#5: Source some Shadows
Groundhogs and vampires aren't the only shadowlovers.
Instructions
Find some shadows, preferably outdoor in the early morning or late afternoon.
Collect the shapes and lines in photo, sketch, or other ways.
Use those shadows for other art.
As winter grips the Northeast United States, there are grey days punctuated by moments of intense brightness and long shadows. It’s a great time to go looking for lines!
Our mind has a compulsion to autocomplete, and visually that often means missing a lot of information. Seeing shadows as separate and distinct from their objects is an easy way to see more detail in the world. Shadows can be cast from natural or artificial light—one of my favorite street art pieces in the early 2000s was the work of Ellis Gallagher, who’d chalk thick lines around the shadows of bicycles, lampposts, and just about anything in Brooklyn.
A more permanent version of that concept in artist Nobuho Nagasawa’s series “Timecast” is carved in the pavement of the Brooklyn waterfront.
Want some more inspiration?

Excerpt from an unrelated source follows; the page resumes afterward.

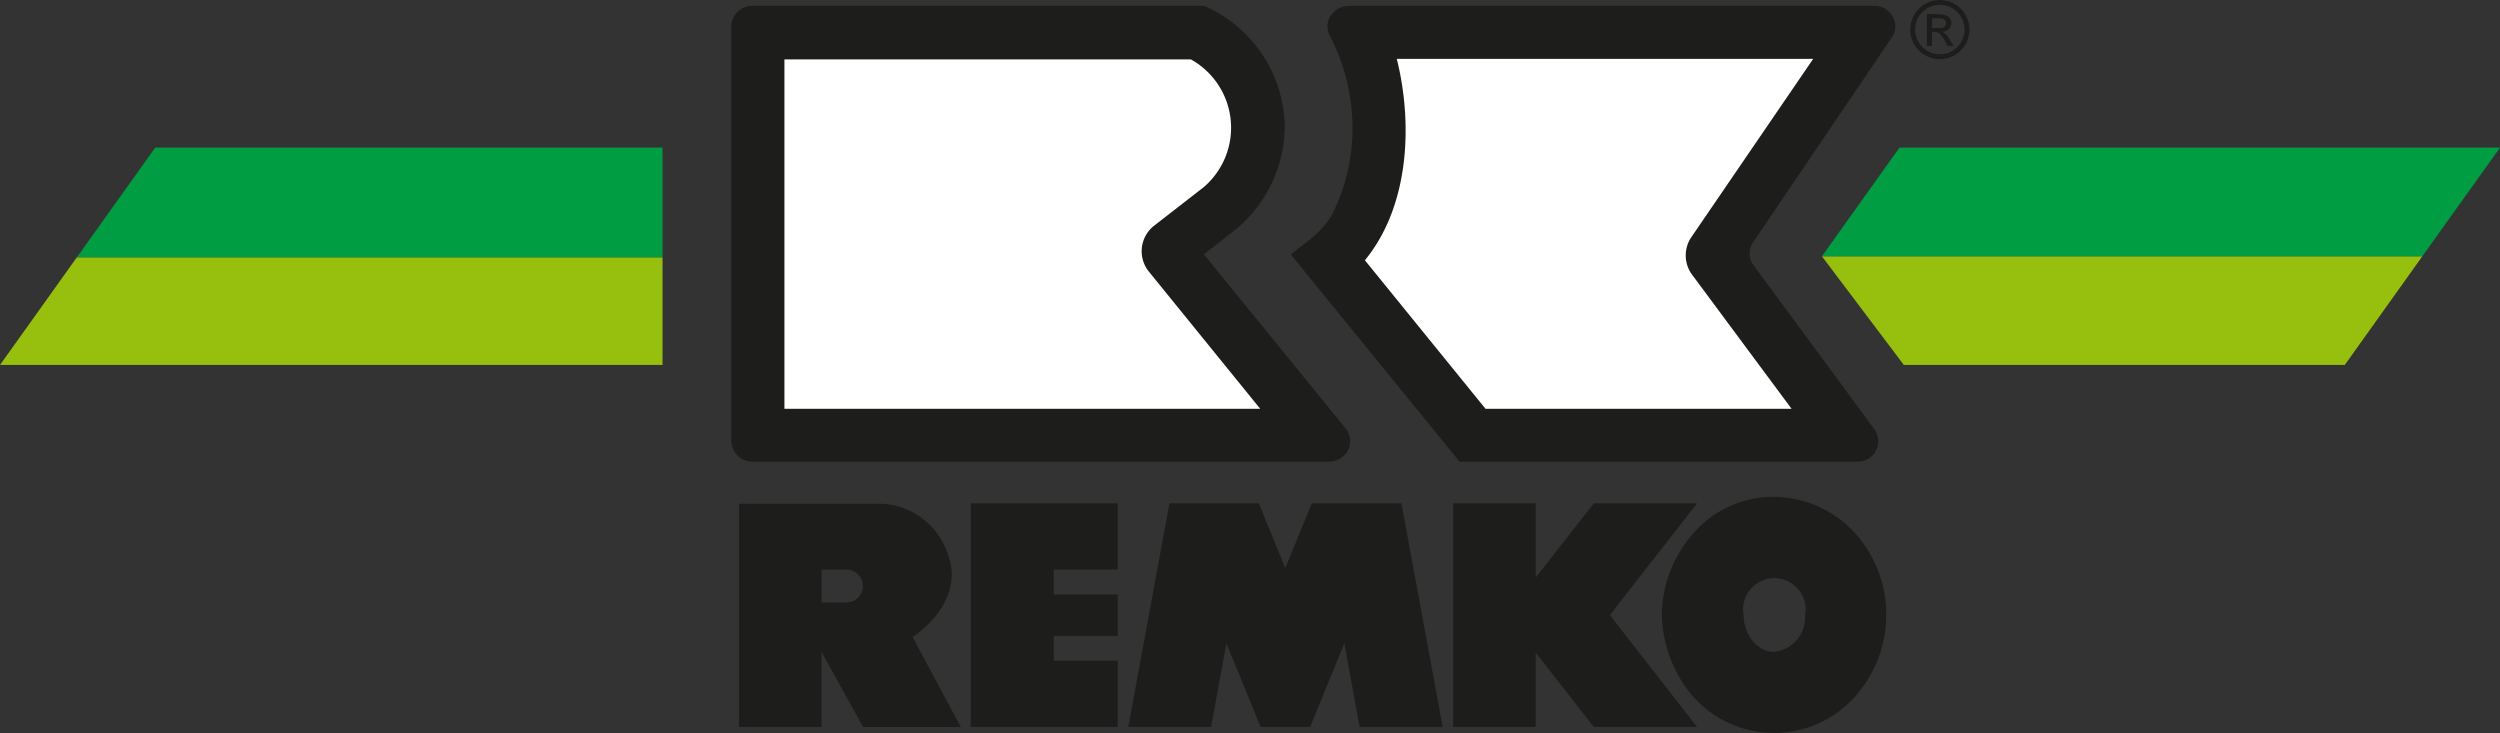 <svg xmlns="http://www.w3.org/2000/svg" viewBox="0 0 194.41 57.03"><rect x="0" y="0" width="194.41" height="57.03" fill="#333333" stroke="none"/><defs><style>.cls-1{fill:#009d43;}.cls-1,.cls-2,.cls-3,.cls-4{fill-rule:evenodd;}.cls-2{fill:#97c00e;}.cls-3,.cls-5{fill:#1d1d1b;}.cls-4{fill:#fff;}</style></defs><title>Element 1</title><g id="Ebene_2" data-name="Ebene 2"><g id="Ebene_1-2" data-name="Ebene 1"><polygon class="cls-1" points="51.52 11.48 51.52 20.02 5.97 20.02 12.07 11.48 51.52 11.48 51.52 11.48"></polygon><polygon class="cls-2" points="51.52 28.38 51.52 20.02 5.97 20.02 0 28.38 51.52 28.38 51.52 28.38"></polygon><polygon class="cls-2" points="141.68 19.93 148.05 28.38 182.34 28.38 188.37 19.93 141.68 19.93 141.68 19.93"></polygon><polygon class="cls-1" points="141.68 19.93 147.71 11.48 194.41 11.48 188.37 19.93 141.68 19.93 141.68 19.93"></polygon><path class="cls-3" d="M146.68,47.83a9.3,9.3,0,0,0-1.59-5.29,8.62,8.62,0,0,0-6.9-3.9,8.25,8.25,0,0,0-6.59,2.92,9.85,9.85,0,0,0-2.37,6,10.15,10.15,0,0,0,2.14,6.26,8.43,8.43,0,0,0,13.47-.38,9.46,9.46,0,0,0,1.84-5.65Zm-6.31,0a2.43,2.43,0,1,0-4.78,0h0c0,1.34.93,2.86,2.38,2.86a2.7,2.7,0,0,0,2.4-2.86Z"></path><polygon class="cls-3" points="113 56.53 119.42 56.53 119.42 50.75 123.94 56.53 131.97 56.53 125.19 47.83 131.97 39.14 123.94 39.14 119.42 44.92 119.42 39.14 113 39.14 113 56.53 113 56.53"></polygon><polygon class="cls-3" points="87.74 56.53 94.18 56.53 95.37 50.03 98.03 56.53 101.88 56.53 104.54 50.03 105.73 56.53 112.19 56.53 108.98 39.14 102.01 39.14 99.95 44.18 97.89 39.14 90.94 39.14 87.74 56.53 87.74 56.53"></polygon><polygon class="cls-3" points="75.49 56.53 86.92 56.53 86.92 51.38 81.94 51.38 81.94 49.45 86.92 49.45 86.92 46.23 81.94 46.23 81.94 44.29 86.92 44.29 86.92 39.14 75.49 39.14 75.49 56.53 75.49 56.53"></polygon><path class="cls-3" d="M57.47,56.53h6.41V50.69l3.24,5.85h7.6l-3.75-7c2.5-1.73,3.39-4,2.92-5.83a5.9,5.9,0,0,0-1.84-3.13,5.67,5.67,0,0,0-3.7-1.41H57.47V56.53Zm6.42-12.24h1.93a1.28,1.28,0,1,1,0,2.56H63.89V44.29Z"></path><path class="cls-3" d="M56.87,34.3h0a1.64,1.64,0,0,0,1.61,1.6h44.86a1.74,1.74,0,0,0,1.19-.48,1.57,1.57,0,0,0,.09-2.13l-11-13.51,2-1.57a10.5,10.5,0,0,0,4.29-8.33A10.43,10.43,0,0,0,93.63.45H58.48a1.64,1.64,0,0,0-1.61,1.6V34.3Z"></path><path class="cls-4" d="M61,31.79H98L89.34,21.12a2.52,2.52,0,0,1,.41-3.57l3.86-3a6.08,6.08,0,0,0-1-9.93H61V31.79Z"></path><path class="cls-3" d="M103.71,16.46c-.83,1.59-2.1,2.34-3.34,3.32L113.5,35.9h30.93a1.58,1.58,0,0,0,1.63-1.6,1.69,1.69,0,0,0-.36-1L136.42,20.7a1.53,1.53,0,0,1-.08-1.88L147.09,2.95a1.45,1.45,0,0,0,.26-1.22A1.64,1.64,0,0,0,145.74.45H104.89a1.71,1.71,0,0,0-1.63,1.27,1.57,1.57,0,0,0,.16,1.07,15.62,15.62,0,0,1,1.74,7.9,14.68,14.68,0,0,1-1.46,5.76Z"></path><path class="cls-4" d="M106.14,20.24l9.38,11.55h23.8l-7.67-10.34a2.53,2.53,0,0,1-.13-3L141,4.58H108.62c1.25,5,1,11.42-2.48,15.66Z"></path><path class="cls-5" d="M149.84,3.57V1.1h.85c.46,0,1,.11,1.06.67a.71.71,0,0,1-.71.7,1.42,1.42,0,0,1,.58.62l.3.48h-.49a3.06,3.06,0,0,0-.64-1,.91.91,0,0,0-.55-.09V3.57Zm.4-1.39h.49c.26,0,.6,0,.6-.38s-.37-.37-.63-.37h-.45v.75Z"></path><path class="cls-3" d="M150.85,0a2.3,2.3,0,1,1-2.3,2.3,2.3,2.3,0,0,1,2.3-2.3Zm0,.38a1.92,1.92,0,1,1-1.92,1.92A1.92,1.92,0,0,1,150.85.38Z"></path></g></g></svg>

My friend Chiara Bernasconi led a great Art Walk in 2011 (yikes, that was a decade ago?!) that was blogged on the New York Times website. (Sidenote: I remember the interviewer asking whether I’d consider myself an artist, to which I replied, “definitely not.” #lamestreammedia)
And shadows aren’t just for aesthetics. Eratosthenes, born around 276 B.C.E in what is now Libya, was the chief librarian of the library of Alexandria. He used shadows to calculate the circumference of the planet.
Eratosthenes was fascinated with geography and planned to make a map of the entire world. He realized he needed to know the size of Earth. … (He) had heard from travelers about a well in Syene (now Aswan, Egypt) with an interesting property: at noon on the summer solstice, which occurs about June 21 every year, the sun illuminated the entire bottom of this well, without casting any shadows, indicating that the sun was directly overhead. Eratosthenes then measured the angle of a shadow cast by a stick at noon on the summer solstice in Alexandria, and found it made an angle of about 7.2 degrees, or about 1/50 of a complete circle.
He realized that if he knew the distance from Alexandria to Syene, he could easily calculate the circumference of Earth. … So Eratosthenes hired bematists, professional surveyors trained to walk with equal length steps. They found that Syene lies about 5000 stadia from Alexandria. Eratosthenes then used this to calculate the circumference of the Earth to be about 250,000 stadia. Modern scholars disagree about the length of the stadium used by Eratosthenes. Values between 500 and about 600 feet have been suggested, putting Eratosthenes’ calculated circumference between about 24,000 miles and about 29,000 miles. The Earth is now known to measure about 24,900 miles around the equator, slightly less around the poles.
So whether you’re seeing shadows as fleeting moments of visual interest, or to calculate sophisticated math, get to know the shadows in your world!